◆ **Assignment**:
The data below is to be written out exactly, with no pictures.

◆ **Data for analysis**:
= = =

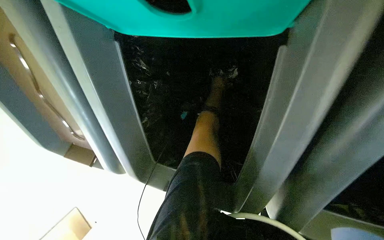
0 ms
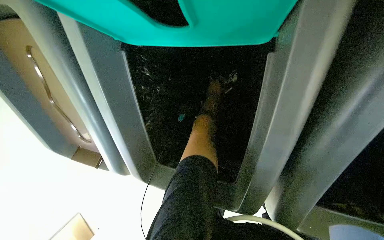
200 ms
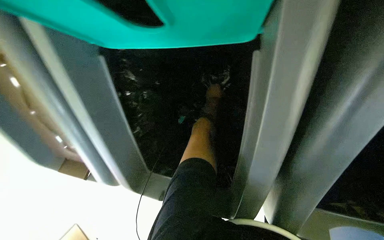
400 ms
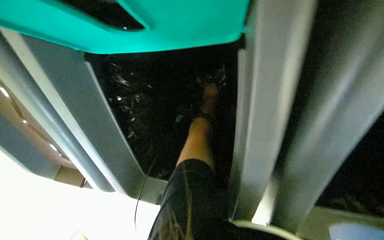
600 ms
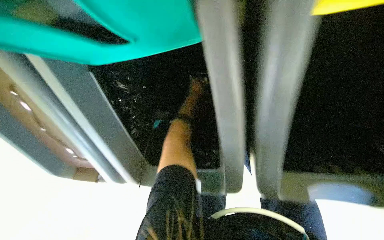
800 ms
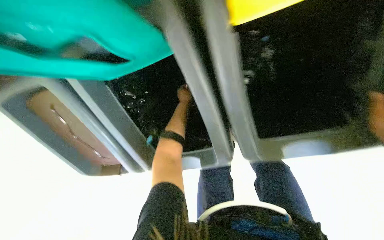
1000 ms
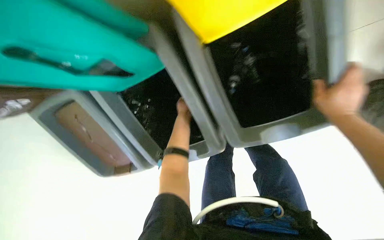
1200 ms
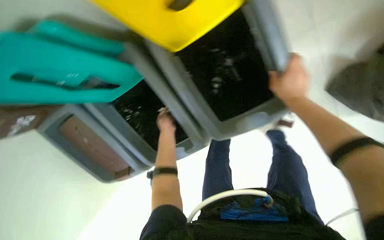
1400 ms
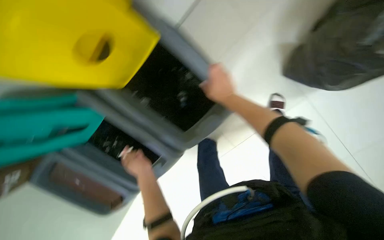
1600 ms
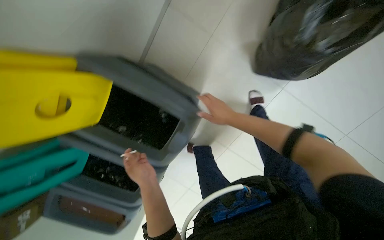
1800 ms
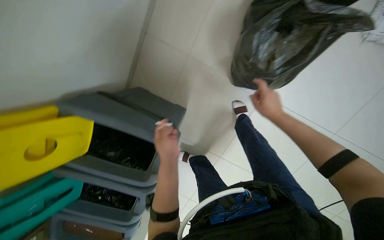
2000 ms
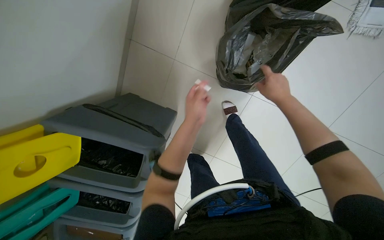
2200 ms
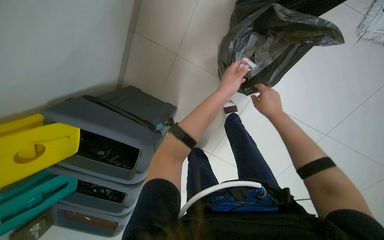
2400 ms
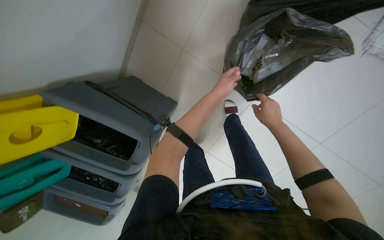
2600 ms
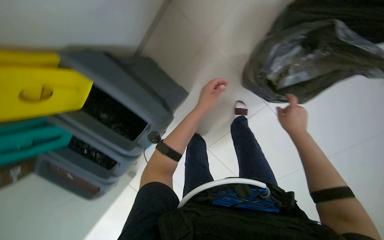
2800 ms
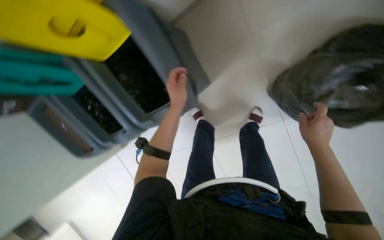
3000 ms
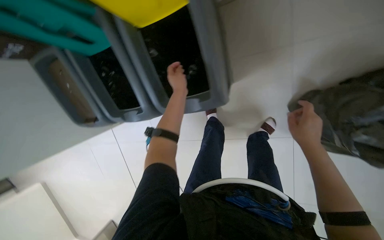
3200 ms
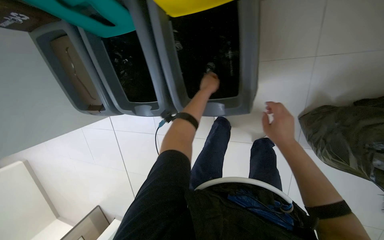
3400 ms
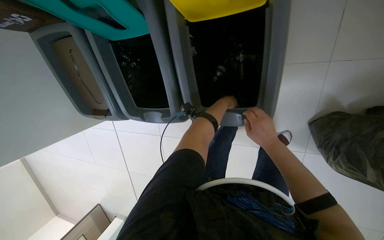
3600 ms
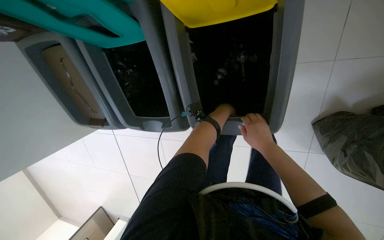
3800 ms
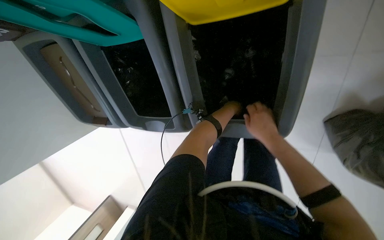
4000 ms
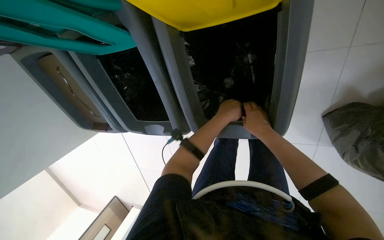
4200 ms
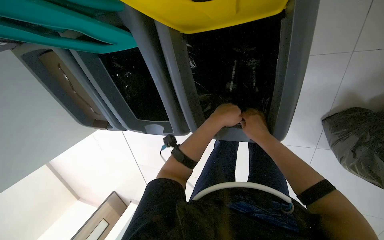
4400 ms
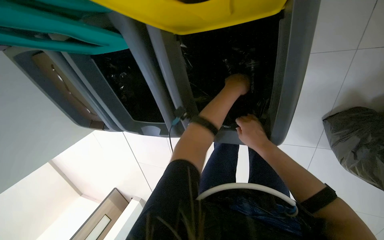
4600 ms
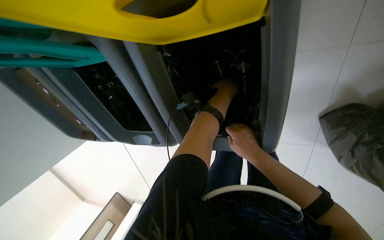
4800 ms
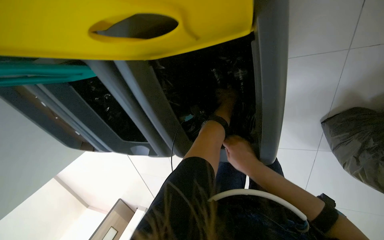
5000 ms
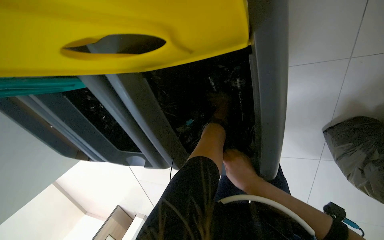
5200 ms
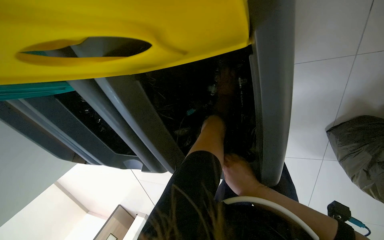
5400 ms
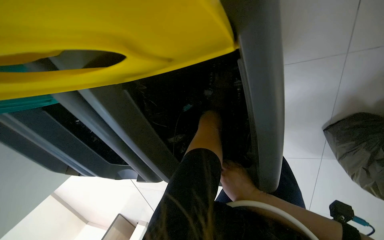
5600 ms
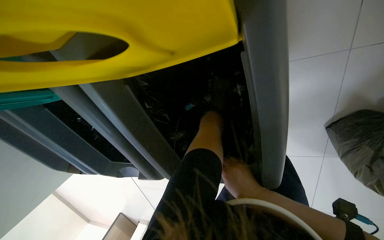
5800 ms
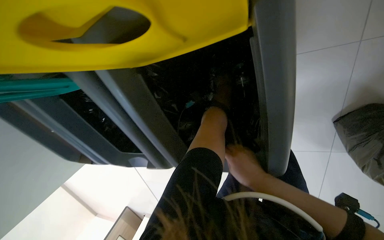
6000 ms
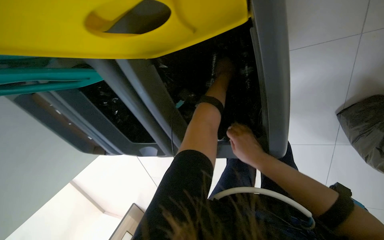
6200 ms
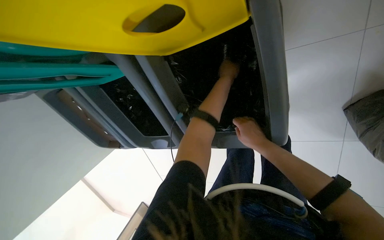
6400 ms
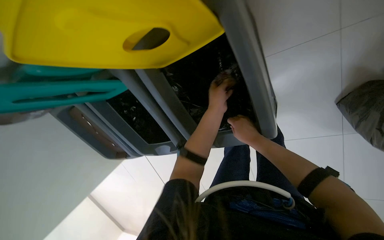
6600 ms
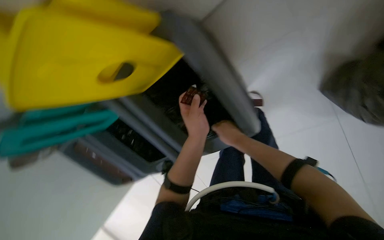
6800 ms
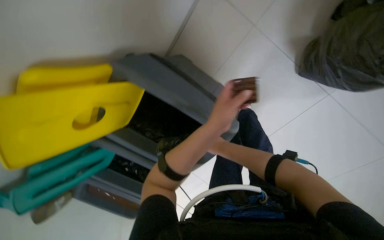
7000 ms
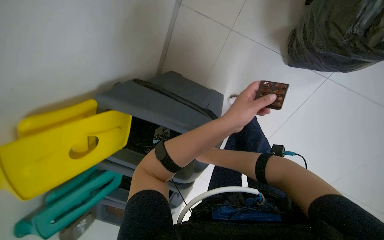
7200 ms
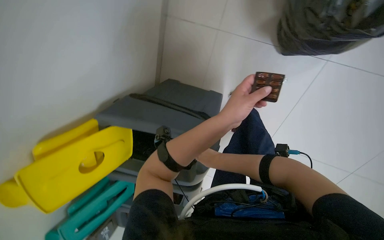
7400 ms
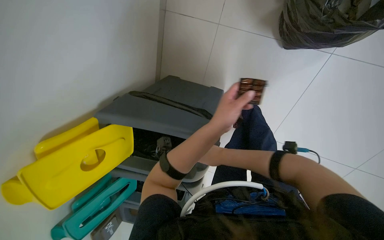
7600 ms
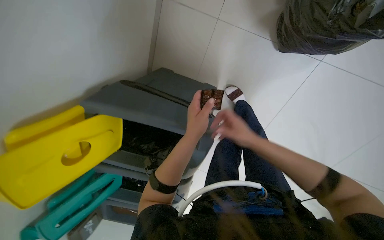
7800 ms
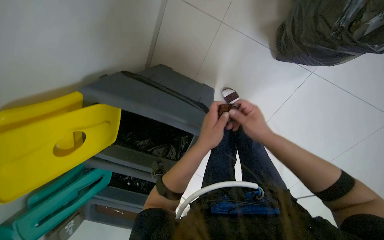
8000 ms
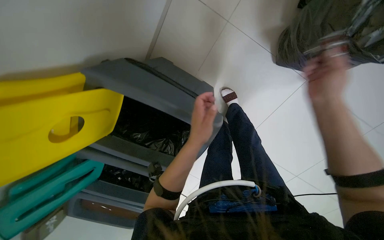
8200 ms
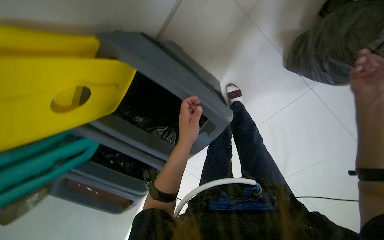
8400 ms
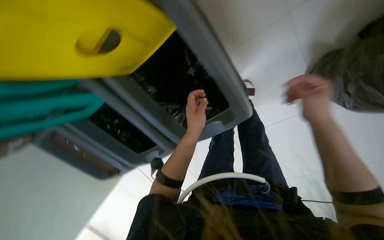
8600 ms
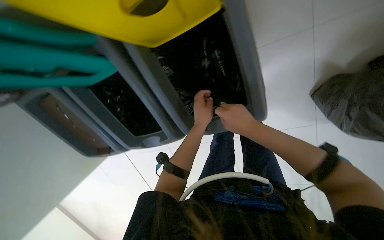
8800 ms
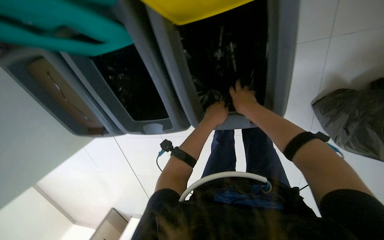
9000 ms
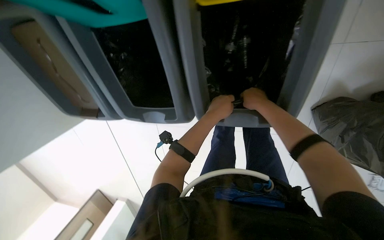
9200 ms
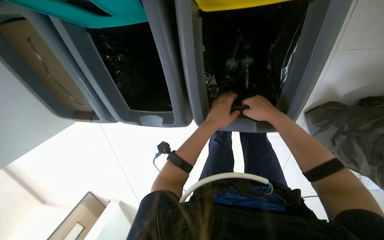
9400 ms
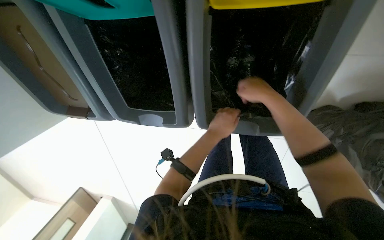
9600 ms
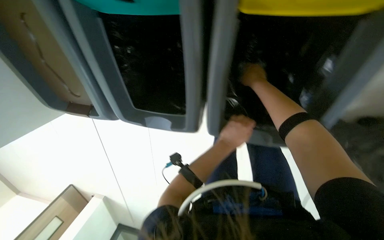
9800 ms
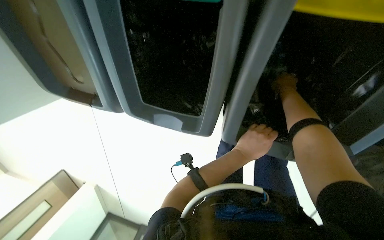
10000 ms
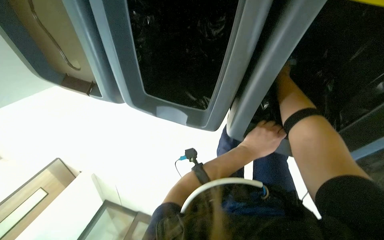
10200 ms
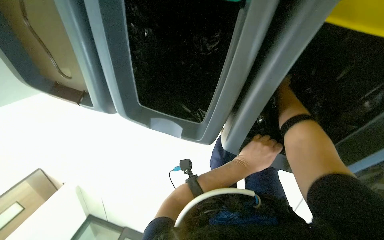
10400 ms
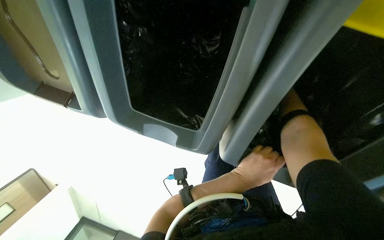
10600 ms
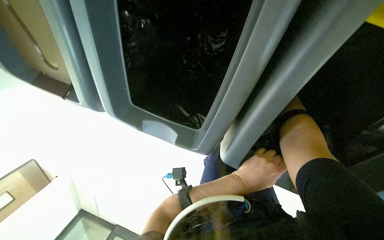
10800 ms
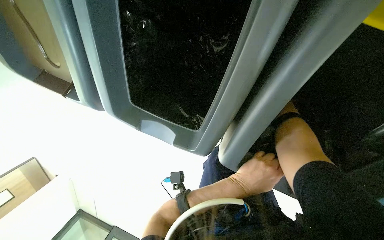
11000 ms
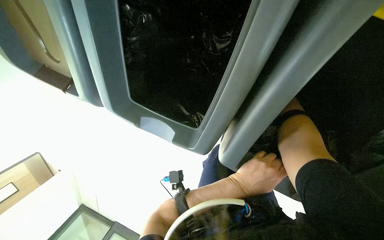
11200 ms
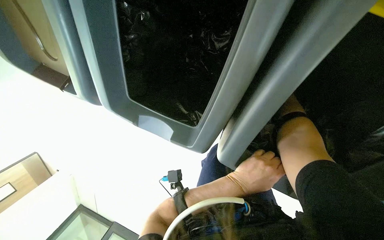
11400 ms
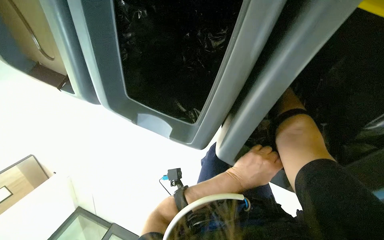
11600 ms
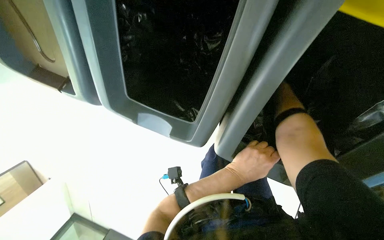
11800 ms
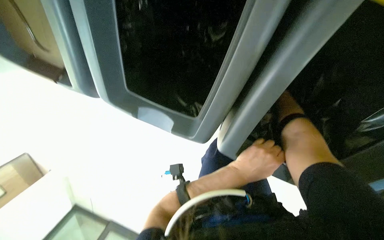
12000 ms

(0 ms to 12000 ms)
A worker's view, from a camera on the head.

= = =

◆ **Response for this exercise**:
0 ms
200 ms
400 ms
600 ms
800 ms
1000 ms
1200 ms
1400 ms
1600 ms
1800 ms
2000 ms
2200 ms
2400 ms
2600 ms
2800 ms
3000 ms
3200 ms
3400 ms
3600 ms
3800 ms
4000 ms
4200 ms
4400 ms
4600 ms
4800 ms
5000 ms
5200 ms
5400 ms
5600 ms
5800 ms
6000 ms
6200 ms
6400 ms
6600 ms
6800 ms
7000 ms
7200 ms
7400 ms
7600 ms
7800 ms
8000 ms
8200 ms
8400 ms
8600 ms
8800 ms
9000 ms
9200 ms
9400 ms
9600 ms
9800 ms
10000 ms
10200 ms
10400 ms
10600 ms
10800 ms
11000 ms
11200 ms
11400 ms
11600 ms
11800 ms
12000 ms

(0 ms to 12000 ms)
A worker's view, from a camera on the head.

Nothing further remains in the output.